Question

How fast must a \(56.5-g\) tennis ball travel to have a de Broglie wavelength equal to that of a photon of green light ( \(5400 \mathrm{~A}\) )?

Short answer

The tennis ball must travel at approximately \(2.16 \times 10^{-27} \mathrm{~m/s}\).

Step-by-step solution

Understand the de Broglie wavelength formula

The de Broglie wavelength is given by the formula \(\lambda = \frac{h}{p}\), where \(\lambda\) is the wavelength, \(h\) is Planck's constant \(6.626 \times 10^{-34} \mathrm{~J} \, \mathrm{s}\), and \(p\) is the momentum of the particle. Momentum \(p\) can be written as \(p = mv\), where \(m\) is the mass and \(v\) is the velocity.

Convert quantities to proper units

Convert the mass of the tennis ball from grams to kilograms: \(56.5 \mathrm{~g} = 0.0565 \mathrm{~kg}\). Also, convert the wavelength from \(\mathrm{~A}\) (Angstroms) to meters: \(5400 \mathrm{~A} = 5400 \times 10^{-10} \mathrm{~m} = 5.4 \times 10^{-7} \mathrm{~m}\).

Rearrange the de Broglie equation

Since we need to find the velocity \(v\), rearrange the de Broglie equation to solve for \(v\): \(\lambda = \frac{h}{mv} \Rightarrow v = \frac{h}{m\lambda}\).

Plug in the values

Insert the known values into the equation: \(v = \frac{6.626 \times 10^{-34} \mathrm{~J} \, \mathrm{s}}{(0.0565 \mathrm{~kg}) (5.4 \times 10^{-7} \mathrm{~m})}\).

Calculate the velocity

Perform the calculation: \(v = \frac{6.626 \times 10^{-34}}{0.0565 \times 5.4 \times 10^{-7}} \approx 2.16 \times 10^{-27} \mathrm{~m/s}\).

Interpret the result

The velocity obtained is extremely small, on the order of \(10^{-27} \mathrm{~m/s}\), indicating that the tennis ball would have to move incredibly slowly to have a de Broglie wavelength equal to that of a photon of green light.

Key concepts

Planck's constant

Planck's constant is a fundamental constant in quantum mechanics that relates the energy of a photon to its frequency.

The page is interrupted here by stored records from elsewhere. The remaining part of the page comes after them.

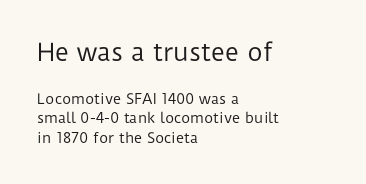
Q: Is the text bold? A: No.
Q: Is the text italic (slanted)? A: No, it is upright.
Q: Is the text underlined? A: No.
Q: How is the paragraph aligned? A: Left-aligned.
Q: Is the spacing between letters normal or unusually wide? A: Normal.
Q: Is the spacing between lines tight, normal or loose? A: Normal.
Q: Which block of text is set in a larger size, the first (top) or the second (bottom)? A: The first (top) one.
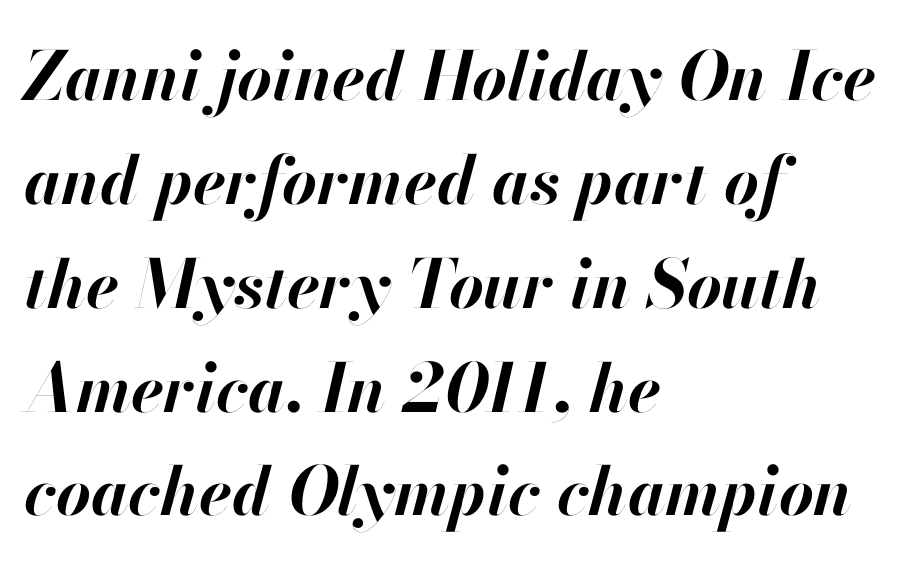
Q: Is the text bold? A: Yes.
Q: Is the text italic (slanted)? A: Yes, it leans right by about 13 degrees.
Q: Is the text underlined? A: No.
Q: How is the paragraph aligned? A: Left-aligned.
Q: Is the spacing between letters normal or unusually wide? A: Normal.
Q: Is the spacing between lines tight, normal or loose? A: Normal.
Q: Width (condensed, normal, or wide)? A: Normal.
Q: Stroke contrast? A: High.
Q: x-height? A: Small.
Q: Monospaced? A: No.
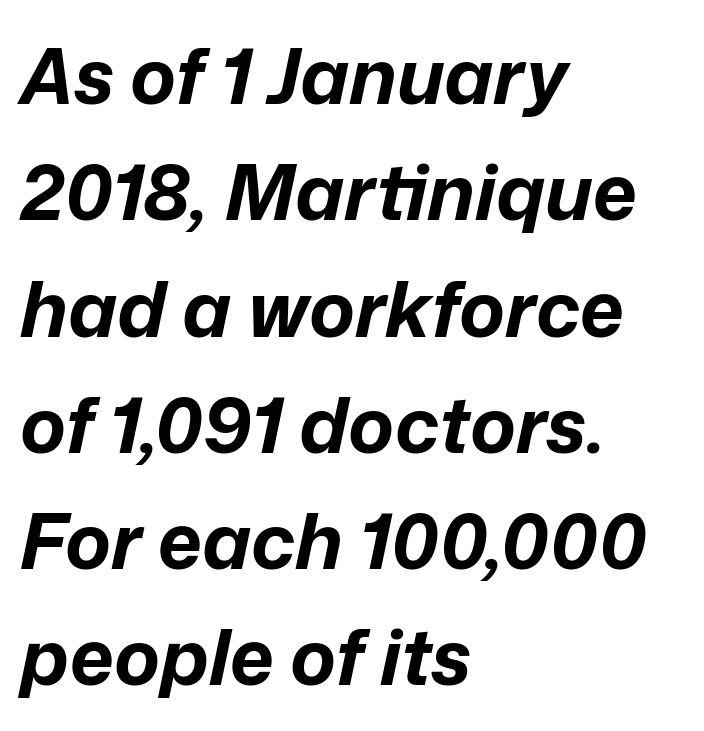
Q: Is the text bold? A: Yes.
Q: Is the text italic (slanted)? A: Yes, it leans right by about 12 degrees.
Q: Is the text underlined? A: No.
Q: How is the paragraph aligned? A: Left-aligned.
Q: Is the spacing between letters normal or unusually wide? A: Normal.
Q: Is the spacing between lines tight, normal or loose? A: Normal.
Q: Width (condensed, normal, or wide)? A: Normal.
Q: Stroke contrast? A: Low.
Q: x-height? A: Medium.
Q: Monospaced? A: No.
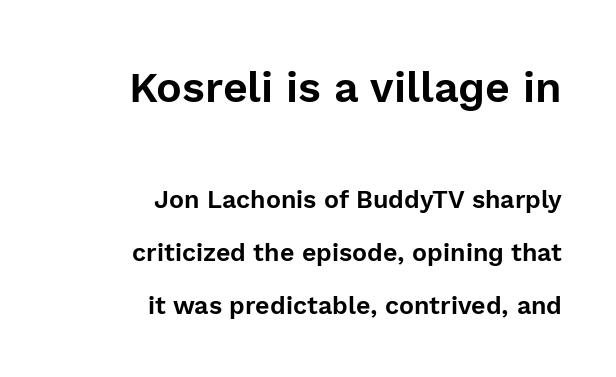
Q: Is the text italic (slanted)? A: No, it is upright.
Q: Is the typeface a serif or a sans-serif typeface? A: Sans-serif.
Q: Is the text underlined? A: No.
Q: How is the paragraph aligned? A: Right-aligned.
Q: Is the spacing between letters normal or unusually wide? A: Normal.
Q: Is the spacing between lines tight, normal or loose? A: Loose.
Q: Which block of text is set in a larger size, the first (top) or the second (bottom)? A: The first (top) one.
Q: Width (condensed, normal, or wide)? A: Normal.
Q: x-height? A: Medium.
Q: Monospaced? A: No.

It is a key element in the equation for the de Broglie wavelength. Planck's constant is denoted as \(h\) and is equal to \(6.626 \times 10^{-34} \text{ J} \times \text{s}\). This constant is crucial for calculating the wavelength of both particles and waves, bridging the gap between classical and quantum physics. By understanding Planck's constant, we can explore the wave-particle duality of matter, which is fundamental to quantum mechanics.

Momentum equation

Momentum is a measure of the motion of an object and is given by the product of its mass and velocity. For any object, the momentum \(p\) can be calculated using the equation \( p = mv \), where \(m\) is the object's mass and \(v\) is its velocity. In the context of the de Broglie wavelength, momentum helps bridge the gap between a particle's motion and its wave characteristics. By combining the momentum equation with the de Broglie formula \( \lambda = \frac{h}{p} \), we can derive the wavelength of a particle based on its mass and velocity.

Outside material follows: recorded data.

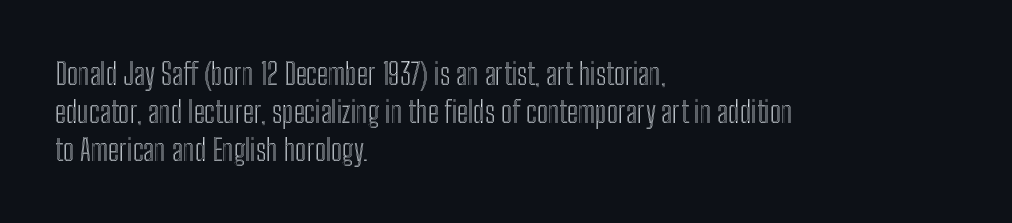
The image shows 30 px condensed type, upright; set left-aligned, normal line spacing (1.26x), normal letter spacing, not underlined; a medium x-height.
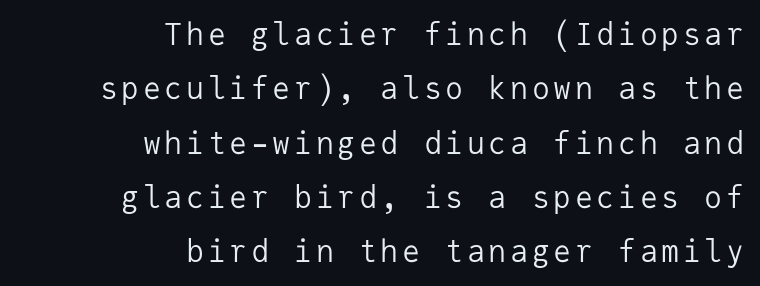
The image shows 30 px regular-weight sans-serif type, upright, monospaced; set right-aligned, line spacing 1.81x, not underlined; low stroke contrast and a medium x-height.
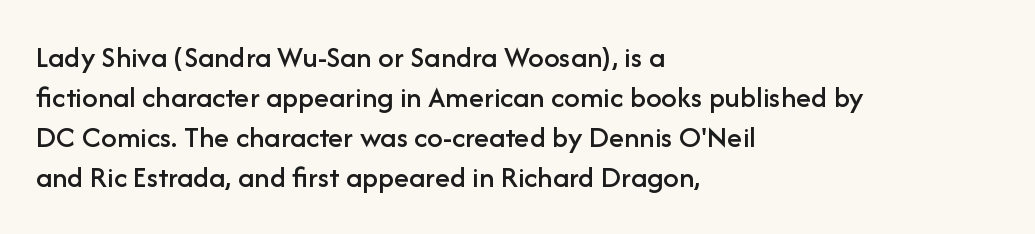
The image shows 31 px sans-serif type, upright; set left-aligned, normal line spacing (1.29x), normal letter spacing, not underlined; low stroke contrast and a medium x-height.
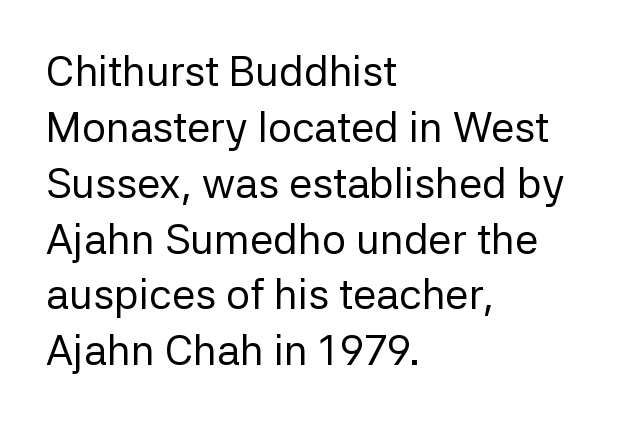
Regarding serifs, this sample does without them. You could not count columns in this text — the font is proportionally spaced. Ordinary non-slanted type is in use. The characters are drawn with everyday or finer stroke widths.

Understanding this allows us to see that even objects with mass, like a tennis ball, exhibit wave-like properties under certain conditions.

Wavelength conversion

To solve problems involving wavelengths, it’s important to convert units to standard measurements—typically meters in scientific contexts. In the example, we converted the green light wavelength from angstroms to meters. Since \( 1 \text{ \AA} = 1 \times 10^{-10} \text{ m} \), the original 5400 \text{ \AA} becomes \( 5400 \times 10^{-10} \text{ m} = 5.4 \times 10^{-7} \text{ m} \). This conversion is essential for plugging into the de Broglie equation.

Similarly, converting the mass of the tennis ball from grams to kilograms ensures all quantities are in compatible units, simplifying calculations and reducing the chance of errors.

Mass and velocity relationship

The relationship between mass and velocity is crucial in understanding how we calculate the de Broglie wavelength. From the de Broglie equation \( \lambda = \frac{h}{mv} \), we see that the wavelength depends inversely on both mass and velocity. This means:

• Larger mass or higher velocity results in a shorter wavelength.
• Smaller mass or lower velocity yields a longer wavelength.

When solving for velocity, as in our tennis ball example, we rearrange the equation to \( v = \frac{h}{m\lambda} \). By inputting the known values of Planck's constant, mass, and wavelength, we can solve for the velocity, reflecting how these quantities are interdependent in determining the wave properties of matter.